[Data excerpts]
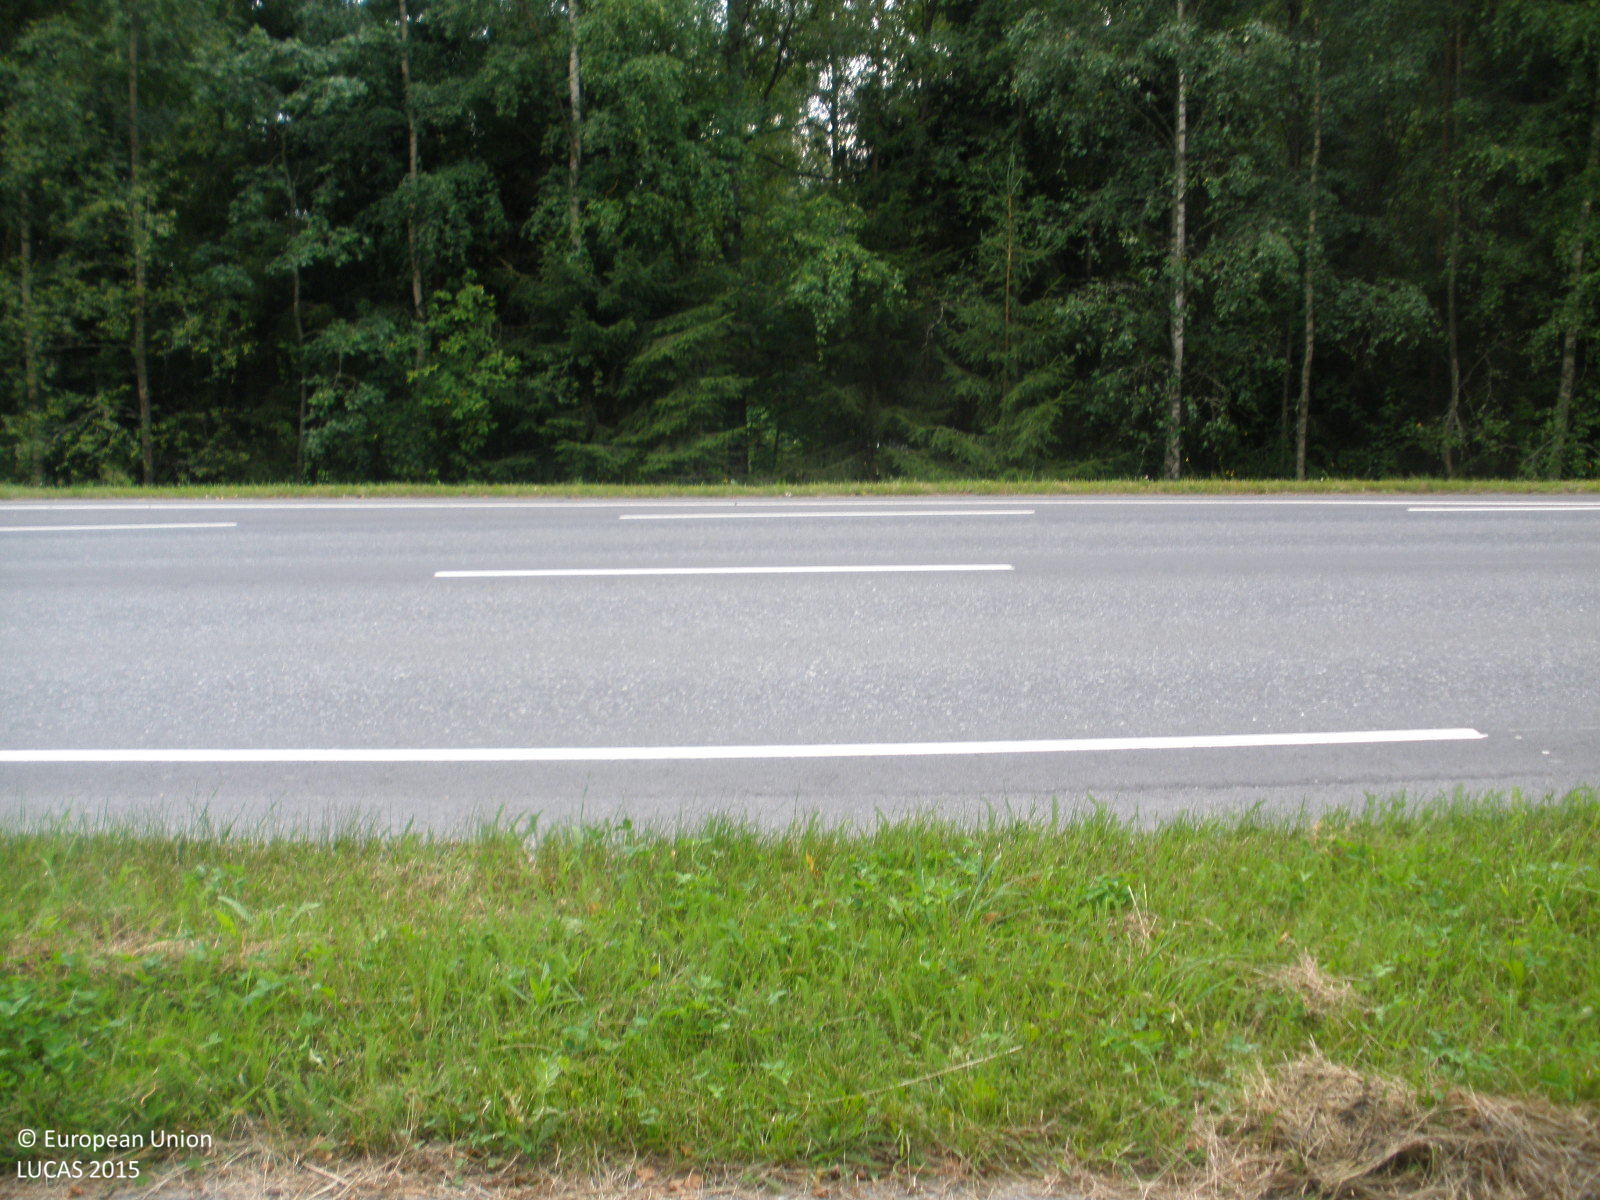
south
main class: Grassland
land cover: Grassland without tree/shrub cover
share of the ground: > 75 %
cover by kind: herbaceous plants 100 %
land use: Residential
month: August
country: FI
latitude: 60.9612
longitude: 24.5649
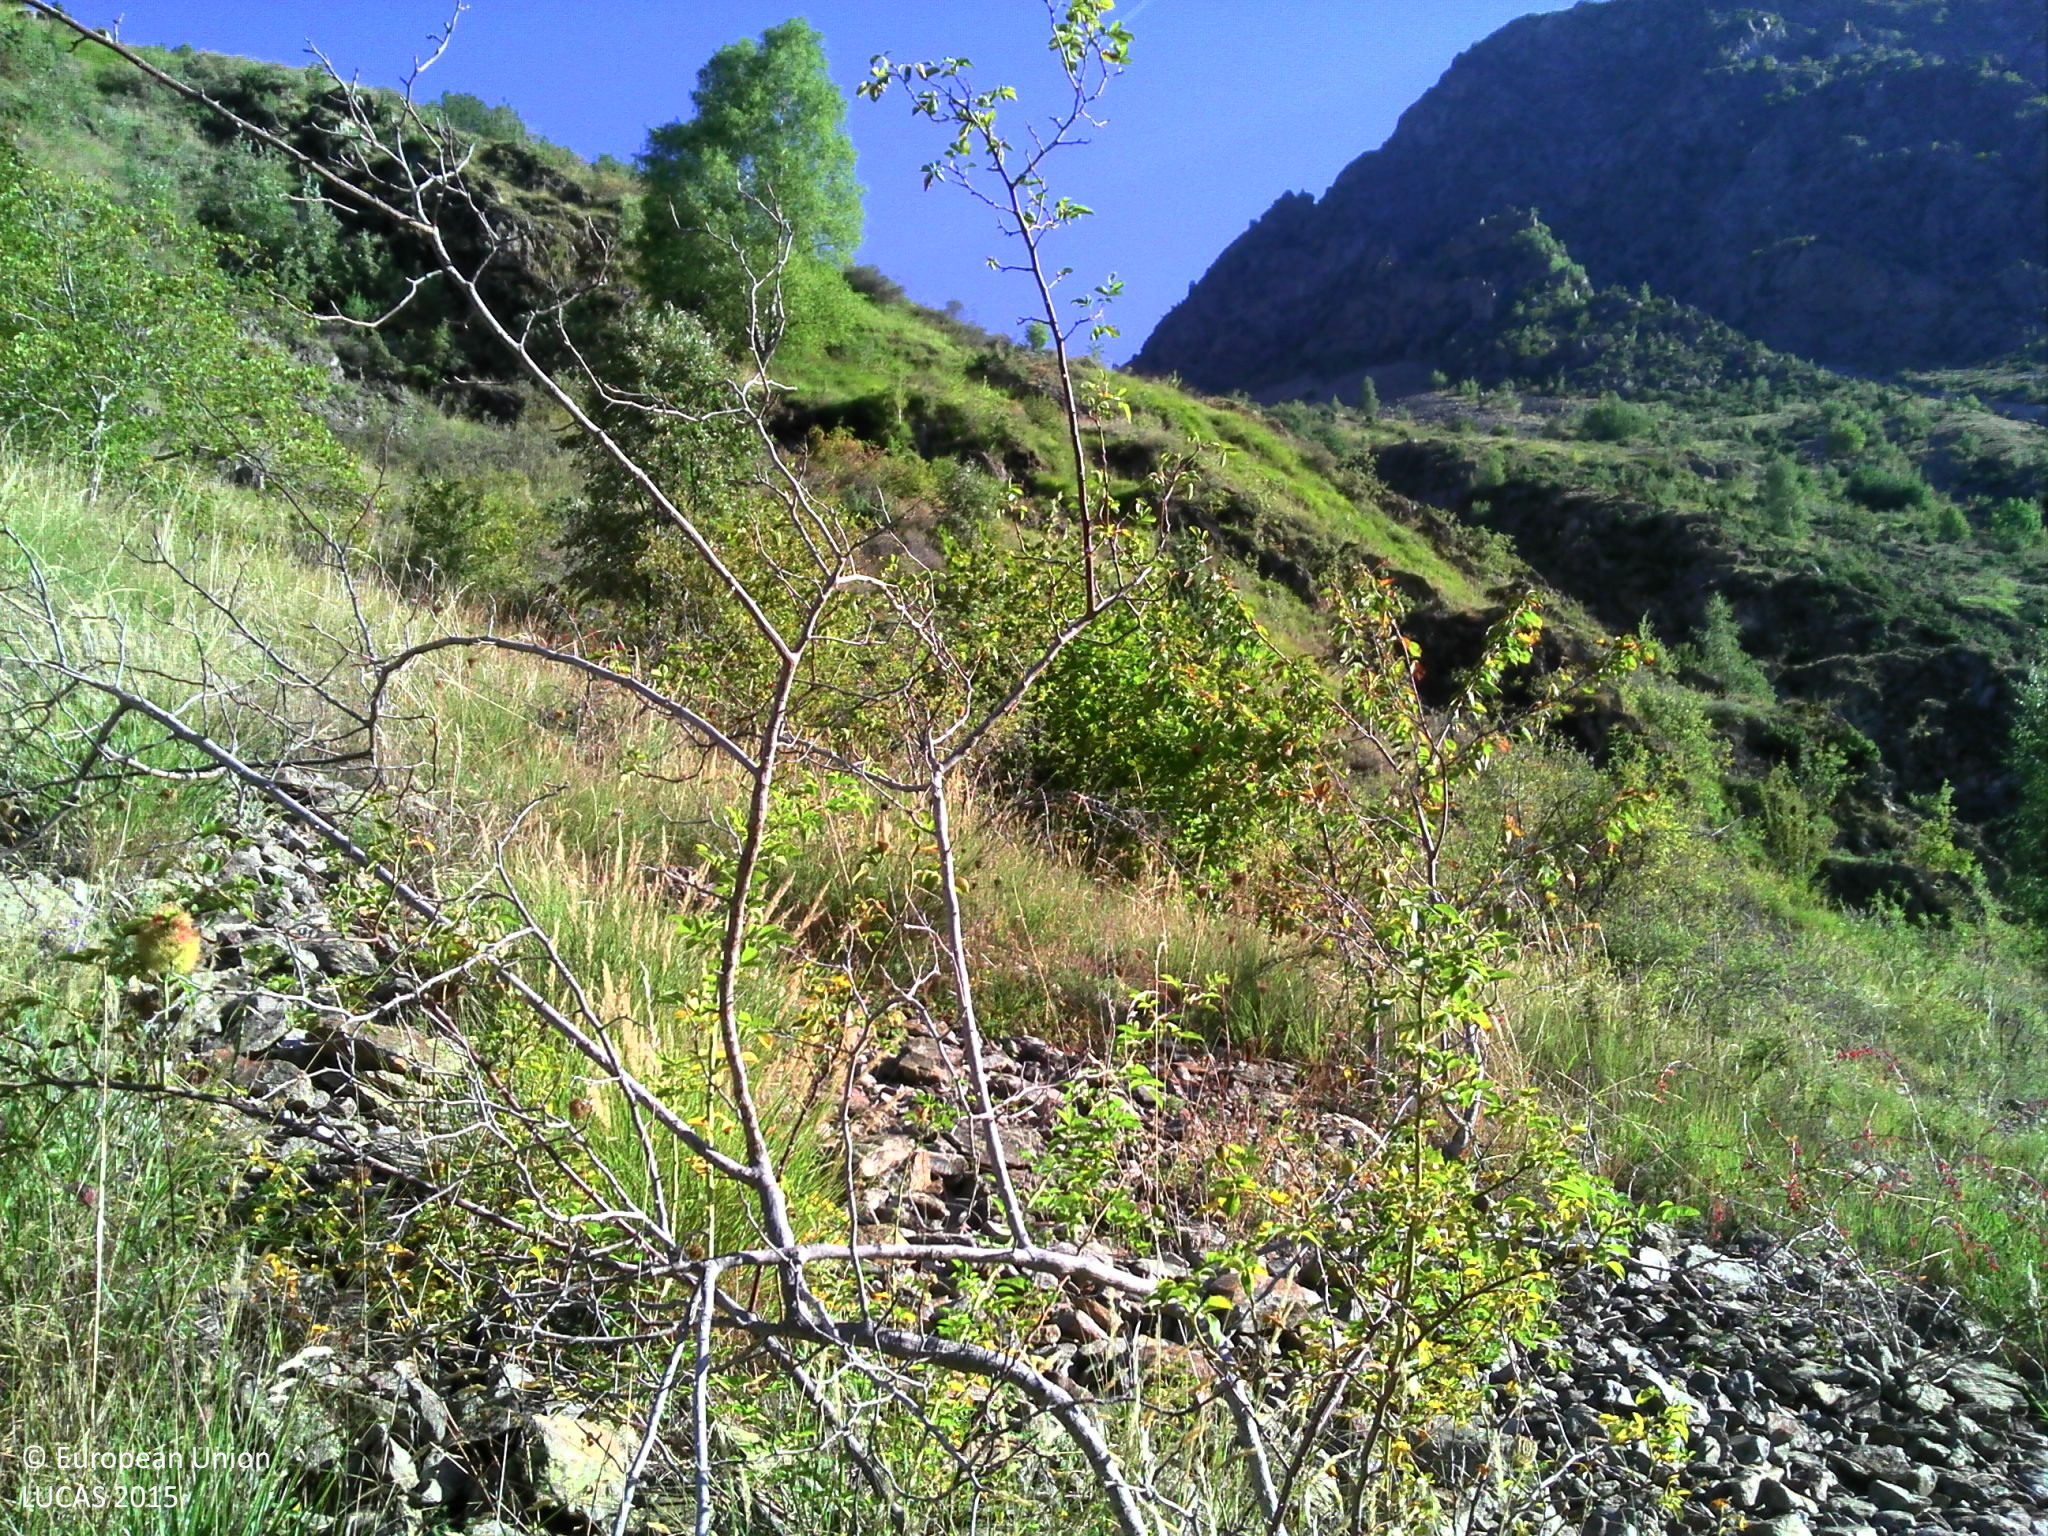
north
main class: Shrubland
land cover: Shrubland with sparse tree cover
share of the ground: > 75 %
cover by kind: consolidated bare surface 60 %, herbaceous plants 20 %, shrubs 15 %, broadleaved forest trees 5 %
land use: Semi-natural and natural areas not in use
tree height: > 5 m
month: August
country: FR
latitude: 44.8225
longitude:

- [Your assignment] Transcribe exactly the span of lines that opens with the line holding "land cover: Grassland" and closes with the last line of the entries above. Omit pictures.

- [Your response]
land cover: Grassland without tree/shrub cover
share of the ground: > 75 %
cover by kind: herbaceous plants 100 %
land use: Residential
month: August
country: FI
latitude: 60.9612
longitude: 24.5649
north
main class: Shrubland
land cover: Shrubland with sparse tree cover
share of the ground: > 75 %
cover by kind: consolidated bare surface 60 %, herbaceous plants 20 %, shrubs 15 %, broadleaved forest trees 5 %
land use: Semi-natural and natural areas not in use
tree height: > 5 m
month: August
country: FR
latitude: 44.8225
longitude:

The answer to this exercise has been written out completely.